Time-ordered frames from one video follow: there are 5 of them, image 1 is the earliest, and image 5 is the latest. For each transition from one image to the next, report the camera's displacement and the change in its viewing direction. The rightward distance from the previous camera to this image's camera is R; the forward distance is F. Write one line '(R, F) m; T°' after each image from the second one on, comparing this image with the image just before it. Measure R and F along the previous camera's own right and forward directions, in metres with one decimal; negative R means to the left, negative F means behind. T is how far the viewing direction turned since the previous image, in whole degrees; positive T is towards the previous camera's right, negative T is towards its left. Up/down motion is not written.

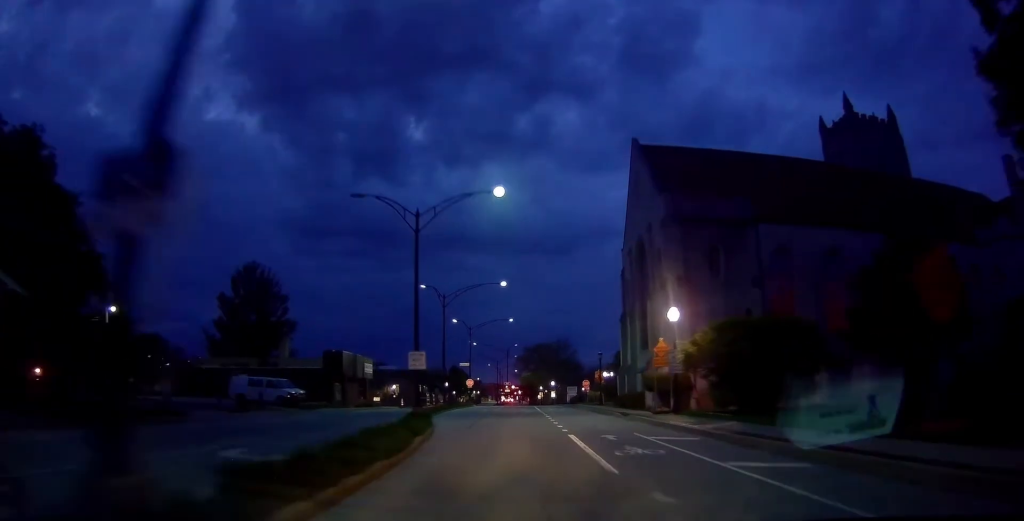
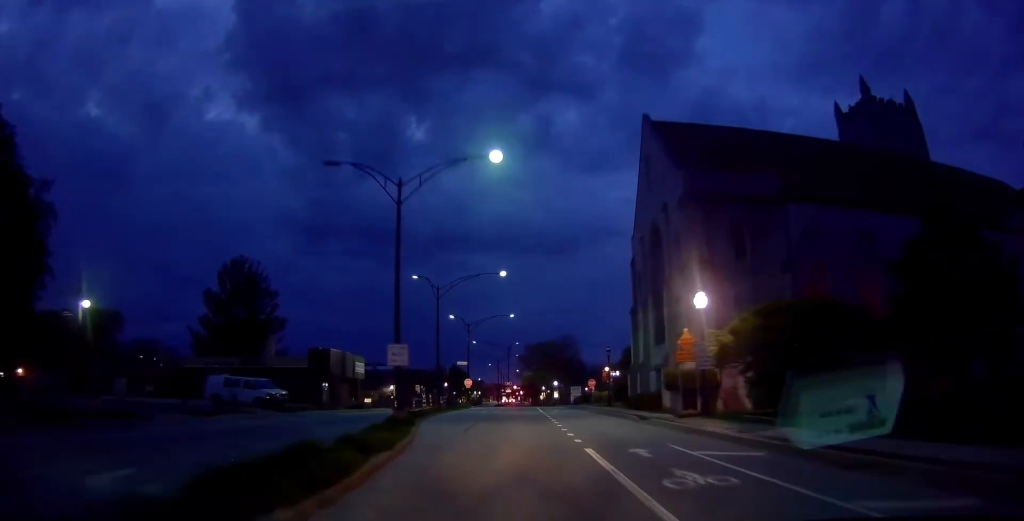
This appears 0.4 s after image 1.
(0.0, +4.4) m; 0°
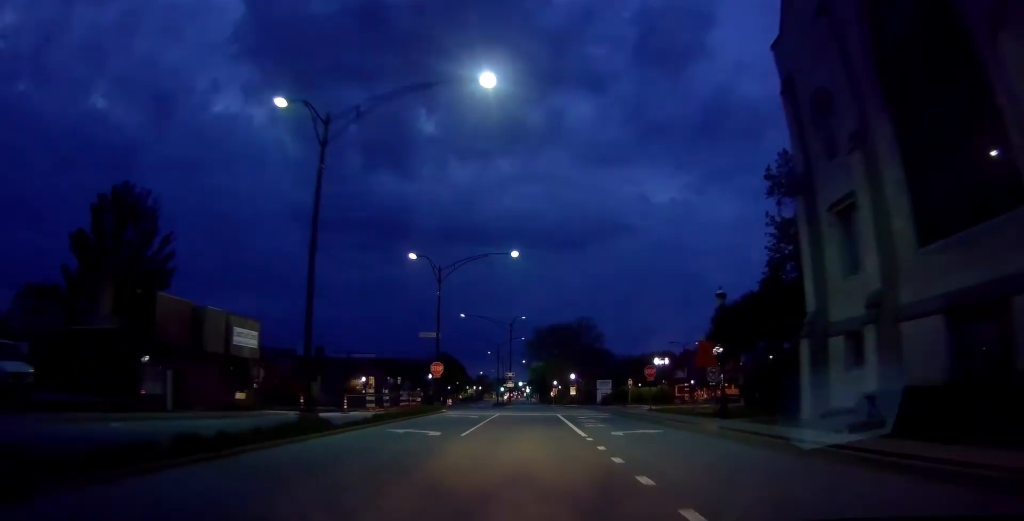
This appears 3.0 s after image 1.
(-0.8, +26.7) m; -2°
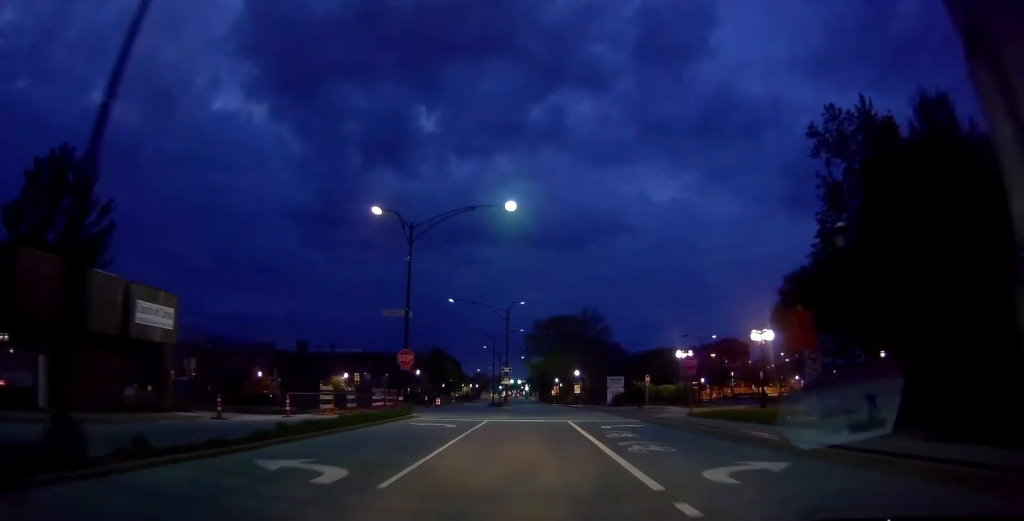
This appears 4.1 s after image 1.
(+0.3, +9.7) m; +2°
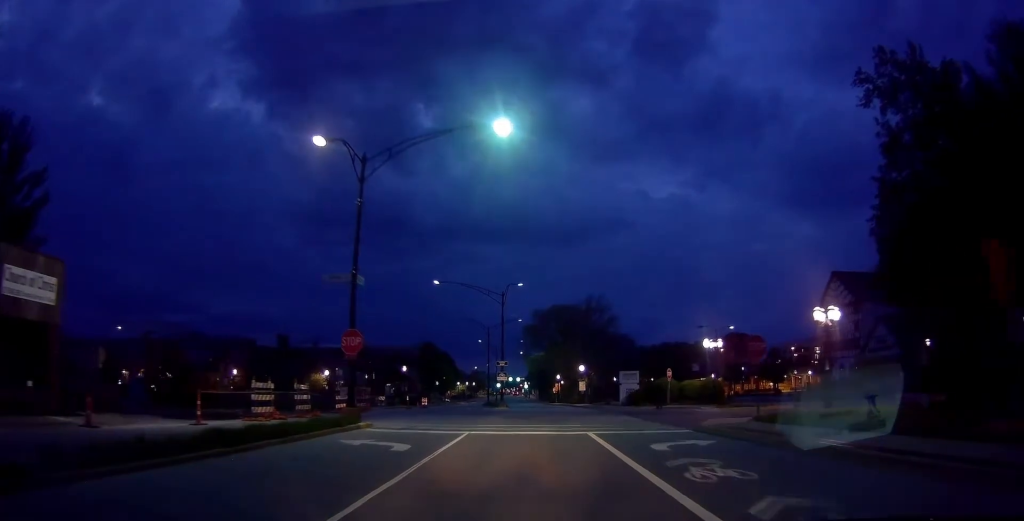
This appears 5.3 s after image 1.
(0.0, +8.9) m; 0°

········

→ EXERCISE AIM
Reproduce every line above word for word; no images.

→ RESPONSE TO THIS TASK
Time-ordered frames from one video follow: there are 5 of them, image 1 is the earliest, and image 5 is the latest. For each transition from one image to the next, report the camera's displacement and the change in its viewing direction. The rightward distance from the previous camera to this image's camera is R; the forward distance is F. Write one line '(R, F) m; T°' after each image from the second one on, comparing this image with the image just before it. Measure R and F along the previous camera's own right and forward directions, in metres with one decimal; negative R means to the left, negative F means behind. T is how far the viewing direction turned since the previous image, in whole degrees; positive T is towards the previous camera's right, negative T is towards its left. Up/down motion is not written.

This appears 0.4 s after image 1.
(0.0, +4.4) m; 0°
This appears 3.0 s after image 1.
(-0.8, +26.7) m; -2°
This appears 4.1 s after image 1.
(+0.3, +9.7) m; +2°
This appears 5.3 s after image 1.
(0.0, +8.9) m; 0°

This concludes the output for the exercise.